▸ Supplied records
• • • • •
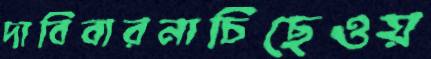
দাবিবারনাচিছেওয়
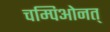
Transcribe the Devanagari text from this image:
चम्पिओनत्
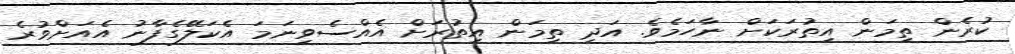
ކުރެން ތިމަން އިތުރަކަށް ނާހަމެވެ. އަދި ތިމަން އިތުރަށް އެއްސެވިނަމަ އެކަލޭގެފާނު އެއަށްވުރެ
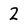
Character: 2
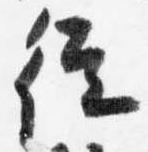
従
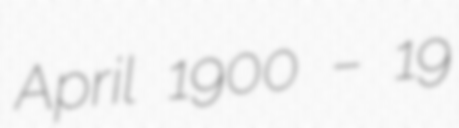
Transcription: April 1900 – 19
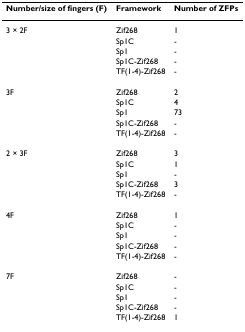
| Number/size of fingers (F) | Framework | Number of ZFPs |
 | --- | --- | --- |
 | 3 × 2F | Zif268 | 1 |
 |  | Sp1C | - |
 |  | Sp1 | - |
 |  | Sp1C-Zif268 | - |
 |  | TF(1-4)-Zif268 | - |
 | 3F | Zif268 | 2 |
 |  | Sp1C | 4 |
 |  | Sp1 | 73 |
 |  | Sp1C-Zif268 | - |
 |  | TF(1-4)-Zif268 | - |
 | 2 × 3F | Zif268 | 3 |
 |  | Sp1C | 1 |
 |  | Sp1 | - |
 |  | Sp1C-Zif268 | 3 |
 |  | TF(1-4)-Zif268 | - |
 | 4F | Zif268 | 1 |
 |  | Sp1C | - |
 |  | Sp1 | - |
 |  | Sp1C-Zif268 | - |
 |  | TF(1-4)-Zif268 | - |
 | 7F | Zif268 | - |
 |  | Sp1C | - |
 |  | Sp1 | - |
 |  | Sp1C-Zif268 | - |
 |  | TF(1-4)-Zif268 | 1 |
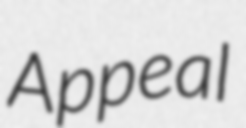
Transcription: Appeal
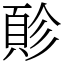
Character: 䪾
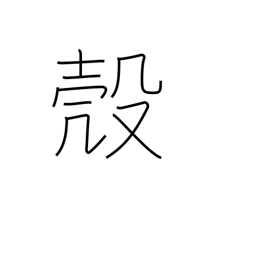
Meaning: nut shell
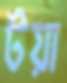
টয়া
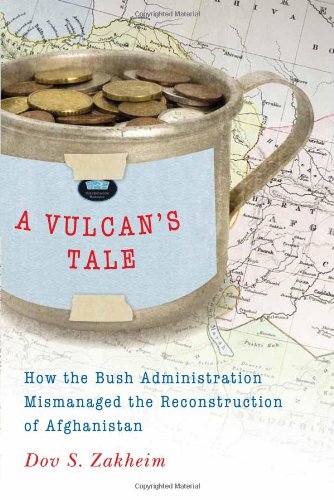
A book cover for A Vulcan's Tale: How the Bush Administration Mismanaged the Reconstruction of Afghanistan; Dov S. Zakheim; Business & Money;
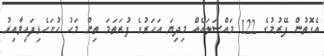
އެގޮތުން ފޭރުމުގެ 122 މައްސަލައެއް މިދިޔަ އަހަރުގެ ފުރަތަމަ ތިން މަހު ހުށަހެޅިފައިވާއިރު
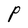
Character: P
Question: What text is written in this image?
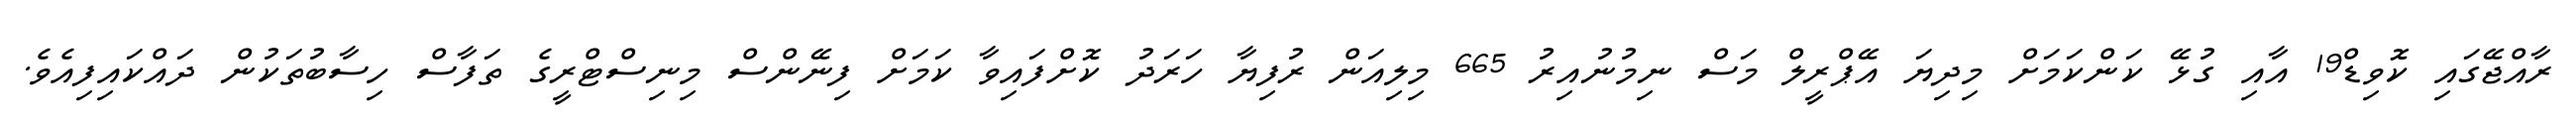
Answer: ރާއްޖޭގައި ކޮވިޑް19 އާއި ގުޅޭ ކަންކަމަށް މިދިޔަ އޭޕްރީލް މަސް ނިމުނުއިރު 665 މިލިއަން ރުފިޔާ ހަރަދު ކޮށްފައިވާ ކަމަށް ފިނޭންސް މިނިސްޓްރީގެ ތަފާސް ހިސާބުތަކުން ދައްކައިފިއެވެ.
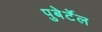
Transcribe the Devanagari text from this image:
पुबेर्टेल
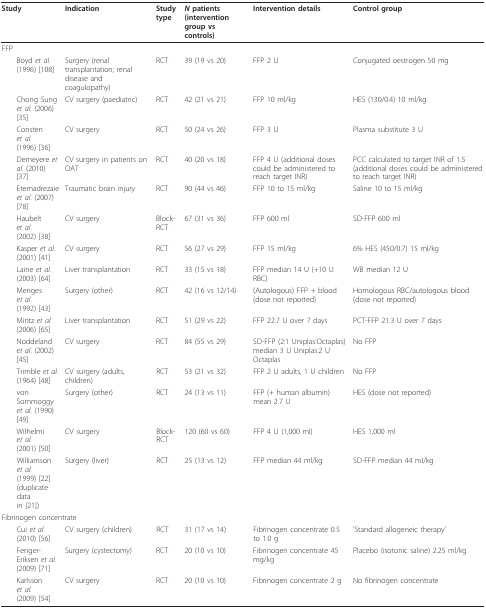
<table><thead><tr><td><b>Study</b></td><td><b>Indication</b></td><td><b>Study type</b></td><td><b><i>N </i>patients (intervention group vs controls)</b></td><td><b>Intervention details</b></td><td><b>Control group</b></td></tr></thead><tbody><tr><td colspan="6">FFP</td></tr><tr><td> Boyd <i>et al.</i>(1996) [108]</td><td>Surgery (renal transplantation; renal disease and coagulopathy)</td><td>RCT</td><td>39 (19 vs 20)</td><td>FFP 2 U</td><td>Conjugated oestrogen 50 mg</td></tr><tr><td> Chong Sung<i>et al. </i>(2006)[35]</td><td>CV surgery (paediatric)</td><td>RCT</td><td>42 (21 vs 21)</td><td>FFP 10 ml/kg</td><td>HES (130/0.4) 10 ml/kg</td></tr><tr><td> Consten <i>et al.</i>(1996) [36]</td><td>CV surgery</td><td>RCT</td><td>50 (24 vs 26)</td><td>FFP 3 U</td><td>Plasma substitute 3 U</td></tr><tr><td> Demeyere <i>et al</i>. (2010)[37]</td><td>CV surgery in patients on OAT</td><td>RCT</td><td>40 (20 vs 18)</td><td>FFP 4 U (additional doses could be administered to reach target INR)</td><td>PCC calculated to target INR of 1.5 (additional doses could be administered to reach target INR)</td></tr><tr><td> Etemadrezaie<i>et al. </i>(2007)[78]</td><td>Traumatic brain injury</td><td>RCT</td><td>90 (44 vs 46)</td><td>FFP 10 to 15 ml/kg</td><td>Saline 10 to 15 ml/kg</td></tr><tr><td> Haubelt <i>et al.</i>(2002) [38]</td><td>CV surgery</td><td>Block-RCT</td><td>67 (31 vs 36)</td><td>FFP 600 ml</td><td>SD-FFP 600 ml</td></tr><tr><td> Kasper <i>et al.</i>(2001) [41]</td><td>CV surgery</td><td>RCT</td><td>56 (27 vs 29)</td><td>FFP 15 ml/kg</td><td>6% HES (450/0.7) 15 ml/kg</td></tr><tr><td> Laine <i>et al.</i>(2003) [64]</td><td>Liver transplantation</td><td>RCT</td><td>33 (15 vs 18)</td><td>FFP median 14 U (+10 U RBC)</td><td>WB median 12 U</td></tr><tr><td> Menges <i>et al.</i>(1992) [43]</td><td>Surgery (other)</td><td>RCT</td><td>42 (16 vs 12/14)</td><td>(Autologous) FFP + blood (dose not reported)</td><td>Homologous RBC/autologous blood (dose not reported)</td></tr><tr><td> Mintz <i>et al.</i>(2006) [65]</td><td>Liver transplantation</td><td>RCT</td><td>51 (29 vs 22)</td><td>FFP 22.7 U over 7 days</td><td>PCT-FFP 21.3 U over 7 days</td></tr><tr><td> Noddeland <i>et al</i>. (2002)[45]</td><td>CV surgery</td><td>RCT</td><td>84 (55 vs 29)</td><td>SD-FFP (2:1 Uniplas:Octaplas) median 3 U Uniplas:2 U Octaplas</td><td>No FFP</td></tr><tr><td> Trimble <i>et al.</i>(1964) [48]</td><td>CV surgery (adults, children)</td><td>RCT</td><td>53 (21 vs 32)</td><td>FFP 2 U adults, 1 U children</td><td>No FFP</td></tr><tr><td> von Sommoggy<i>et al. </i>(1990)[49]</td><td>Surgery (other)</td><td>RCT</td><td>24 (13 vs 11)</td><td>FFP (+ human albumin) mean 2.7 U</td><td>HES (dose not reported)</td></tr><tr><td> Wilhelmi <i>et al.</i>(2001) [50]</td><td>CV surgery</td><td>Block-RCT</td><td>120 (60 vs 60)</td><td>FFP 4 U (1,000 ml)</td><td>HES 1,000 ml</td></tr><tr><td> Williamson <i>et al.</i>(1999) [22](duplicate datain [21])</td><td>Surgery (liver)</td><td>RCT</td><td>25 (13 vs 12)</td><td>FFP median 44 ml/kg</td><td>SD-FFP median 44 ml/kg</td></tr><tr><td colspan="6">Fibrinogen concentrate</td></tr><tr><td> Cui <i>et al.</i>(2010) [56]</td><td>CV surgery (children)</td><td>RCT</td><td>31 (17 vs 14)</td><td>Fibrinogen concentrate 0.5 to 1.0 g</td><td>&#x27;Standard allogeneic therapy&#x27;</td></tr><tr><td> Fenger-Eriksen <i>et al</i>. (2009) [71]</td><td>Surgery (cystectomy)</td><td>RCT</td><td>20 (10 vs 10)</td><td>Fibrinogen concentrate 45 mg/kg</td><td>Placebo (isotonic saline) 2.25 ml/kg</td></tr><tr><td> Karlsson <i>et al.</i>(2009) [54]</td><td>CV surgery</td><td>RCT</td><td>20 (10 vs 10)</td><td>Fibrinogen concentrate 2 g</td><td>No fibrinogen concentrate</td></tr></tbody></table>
• • • • •
▸ Aim of the task
Every line of the data above is to be set down word for word, with the pictures left out.

▸ Result of this task
দাবিবারনাচিছেওয়
Transcribe the Devanagari text from this image:
चम्पिओनत्
ކުރެން ތިމަން އިތުރަކަށް ނާހަމެވެ. އަދި ތިމަން އިތުރަށް އެއްސެވިނަމަ އެކަލޭގެފާނު އެއަށްވުރެ
Character: 2
従
Transcription: April 1900 – 19
| Number/size of fingers (F) | Framework | Number of ZFPs |
 | --- | --- | --- |
 | 3 × 2F | Zif268 | 1 |
 |  | Sp1C | - |
 |  | Sp1 | - |
 |  | Sp1C-Zif268 | - |
 |  | TF(1-4)-Zif268 | - |
 | 3F | Zif268 | 2 |
 |  | Sp1C | 4 |
 |  | Sp1 | 73 |
 |  | Sp1C-Zif268 | - |
 |  | TF(1-4)-Zif268 | - |
 | 2 × 3F | Zif268 | 3 |
 |  | Sp1C | 1 |
 |  | Sp1 | - |
 |  | Sp1C-Zif268 | 3 |
 |  | TF(1-4)-Zif268 | - |
 | 4F | Zif268 | 1 |
 |  | Sp1C | - |
 |  | Sp1 | - |
 |  | Sp1C-Zif268 | - |
 |  | TF(1-4)-Zif268 | - |
 | 7F | Zif268 | - |
 |  | Sp1C | - |
 |  | Sp1 | - |
 |  | Sp1C-Zif268 | - |
 |  | TF(1-4)-Zif268 | 1 |
Transcription: Appeal
Character: 䪾
Meaning: nut shell
টয়া
A book cover for A Vulcan's Tale: How the Bush Administration Mismanaged the Reconstruction of Afghanistan; Dov S. Zakheim; Business & Money;
އެގޮތުން ފޭރުމުގެ 122 މައްސަލައެއް މިދިޔަ އަހަރުގެ ފުރަތަމަ ތިން މަހު ހުށަހެޅިފައިވާއިރު
Character: P
Question: What text is written in this image?
Answer: ރާއްޖޭގައި ކޮވިޑް19 އާއި ގުޅޭ ކަންކަމަށް މިދިޔަ އޭޕްރީލް މަސް ނިމުނުއިރު 665 މިލިއަން ރުފިޔާ ހަރަދު ކޮށްފައިވާ ކަމަށް ފިނޭންސް މިނިސްޓްރީގެ ތަފާސް ހިސާބުތަކުން ދައްކައިފިއެވެ.
Transcribe the Devanagari text from this image:
पुबेर्टेल
<table><thead><tr><td><b>Study</b></td><td><b>Indication</b></td><td><b>Study type</b></td><td><b><i>N </i>patients (intervention group vs controls)</b></td><td><b>Intervention details</b></td><td><b>Control group</b></td></tr></thead><tbody><tr><td colspan="6">FFP</td></tr><tr><td> Boyd <i>et al.</i>(1996) [108]</td><td>Surgery (renal transplantation; renal disease and coagulopathy)</td><td>RCT</td><td>39 (19 vs 20)</td><td>FFP 2 U</td><td>Conjugated oestrogen 50 mg</td></tr><tr><td> Chong Sung<i>et al. </i>(2006)[35]</td><td>CV surgery (paediatric)</td><td>RCT</td><td>42 (21 vs 21)</td><td>FFP 10 ml/kg</td><td>HES (130/0.4) 10 ml/kg</td></tr><tr><td> Consten <i>et al.</i>(1996) [36]</td><td>CV surgery</td><td>RCT</td><td>50 (24 vs 26)</td><td>FFP 3 U</td><td>Plasma substitute 3 U</td></tr><tr><td> Demeyere <i>et al</i>. (2010)[37]</td><td>CV surgery in patients on OAT</td><td>RCT</td><td>40 (20 vs 18)</td><td>FFP 4 U (additional doses could be administered to reach target INR)</td><td>PCC calculated to target INR of 1.5 (additional doses could be administered to reach target INR)</td></tr><tr><td> Etemadrezaie<i>et al. </i>(2007)[78]</td><td>Traumatic brain injury</td><td>RCT</td><td>90 (44 vs 46)</td><td>FFP 10 to 15 ml/kg</td><td>Saline 10 to 15 ml/kg</td></tr><tr><td> Haubelt <i>et al.</i>(2002) [38]</td><td>CV surgery</td><td>Block-RCT</td><td>67 (31 vs 36)</td><td>FFP 600 ml</td><td>SD-FFP 600 ml</td></tr><tr><td> Kasper <i>et al.</i>(2001) [41]</td><td>CV surgery</td><td>RCT</td><td>56 (27 vs 29)</td><td>FFP 15 ml/kg</td><td>6% HES (450/0.7) 15 ml/kg</td></tr><tr><td> Laine <i>et al.</i>(2003) [64]</td><td>Liver transplantation</td><td>RCT</td><td>33 (15 vs 18)</td><td>FFP median 14 U (+10 U RBC)</td><td>WB median 12 U</td></tr><tr><td> Menges <i>et al.</i>(1992) [43]</td><td>Surgery (other)</td><td>RCT</td><td>42 (16 vs 12/14)</td><td>(Autologous) FFP + blood (dose not reported)</td><td>Homologous RBC/autologous blood (dose not reported)</td></tr><tr><td> Mintz <i>et al.</i>(2006) [65]</td><td>Liver transplantation</td><td>RCT</td><td>51 (29 vs 22)</td><td>FFP 22.7 U over 7 days</td><td>PCT-FFP 21.3 U over 7 days</td></tr><tr><td> Noddeland <i>et al</i>. (2002)[45]</td><td>CV surgery</td><td>RCT</td><td>84 (55 vs 29)</td><td>SD-FFP (2:1 Uniplas:Octaplas) median 3 U Uniplas:2 U Octaplas</td><td>No FFP</td></tr><tr><td> Trimble <i>et al.</i>(1964) [48]</td><td>CV surgery (adults, children)</td><td>RCT</td><td>53 (21 vs 32)</td><td>FFP 2 U adults, 1 U children</td><td>No FFP</td></tr><tr><td> von Sommoggy<i>et al. </i>(1990)[49]</td><td>Surgery (other)</td><td>RCT</td><td>24 (13 vs 11)</td><td>FFP (+ human albumin) mean 2.7 U</td><td>HES (dose not reported)</td></tr><tr><td> Wilhelmi <i>et al.</i>(2001) [50]</td><td>CV surgery</td><td>Block-RCT</td><td>120 (60 vs 60)</td><td>FFP 4 U (1,000 ml)</td><td>HES 1,000 ml</td></tr><tr><td> Williamson <i>et al.</i>(1999) [22](duplicate datain [21])</td><td>Surgery (liver)</td><td>RCT</td><td>25 (13 vs 12)</td><td>FFP median 44 ml/kg</td><td>SD-FFP median 44 ml/kg</td></tr><tr><td colspan="6">Fibrinogen concentrate</td></tr><tr><td> Cui <i>et al.</i>(2010) [56]</td><td>CV surgery (children)</td><td>RCT</td><td>31 (17 vs 14)</td><td>Fibrinogen concentrate 0.5 to 1.0 g</td><td>&#x27;Standard allogeneic therapy&#x27;</td></tr><tr><td> Fenger-Eriksen <i>et al</i>. (2009) [71]</td><td>Surgery (cystectomy)</td><td>RCT</td><td>20 (10 vs 10)</td><td>Fibrinogen concentrate 45 mg/kg</td><td>Placebo (isotonic saline) 2.25 ml/kg</td></tr><tr><td> Karlsson <i>et al.</i>(2009) [54]</td><td>CV surgery</td><td>RCT</td><td>20 (10 vs 10)</td><td>Fibrinogen concentrate 2 g</td><td>No fibrinogen concentrate</td></tr></tbody></table>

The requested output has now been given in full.